We were all bending over those horrible indentations in the carpet when a sound at our backs caused us to look up. In the doorway clad in his pajamas was Captain Wonderly rubbing his eyes and yawning.
“I say, you chaps,” he said, “what’s up?”
Then he caught sight of Parkington’s body and started forward.
“Good heavens! Parkington!” he exclaimed. “What’s wrong with him? Is he hurt?”
“Dead,” I answered briefly.
In a dazed sort of way Wonderly turned his eyes from one to another of us. At last they rested on Smithers, and guided by the constable’s uniform, addressed him as the officer of the law.

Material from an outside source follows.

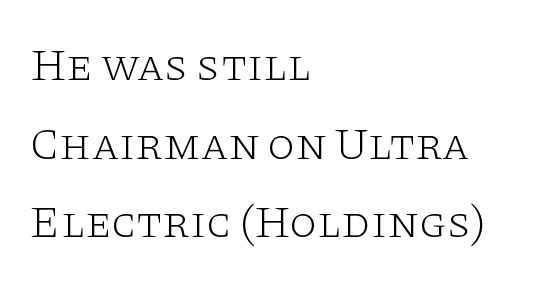
The image shows 45 px light, wide serif type, upright; set left-aligned, line spacing 1.75x, normal letter spacing, not underlined; low stroke contrast and a large x-height.

“Have you got the man that did this?”
“Not yet,” Smithers replied. “And now, sir, I’ll trouble you to tell me who you are and what you know of this business.”
Wonderly indicated Fellows and me.
“These gentlemen know me,” he said. “My name’s Wonderly. I was a friend of Dr. Parkington. As for what I know of this business — unfortunately I can’t help you a bit.”
“You were staying in the house?”
Wonderly looked down significantly at his night clothes.
“I certainly was,” he answered, “in that room across the hall.”
“And you heard nothing? No sound?”
An expression of sorrow — almost of shame passed over Wonderly’s face.
“If I only had,” he replied quietly, “I’ll wager Parkington would be alive now. You see, gentlemen, some years ago I lost the hearing in my right ear. This deficiency doesn’t bother me ordinarily but if I happen to go to sleep on my left ear as I did tonight, I’m as deaf as a post.”
At my suggestion we went downstairs and seated ourselves in the library, leaving the murder chamber and its ghastly inhabitant untouched to await the offices of the coroner. But hardly had we taken our chairs when Fellows jumped to his feet, exclaiming:
“This sitting around when Dr. Parkington’s murderer is making good his escape is too much for me. I’m going to have a look around.”
I put out my hand to stop him but at a signal from Smithers let it fall.
“Let him go,” he said after Fellows had left the room. “It won’t do any good but it won’t do any harm and it may ease the poor lad to be doing something.”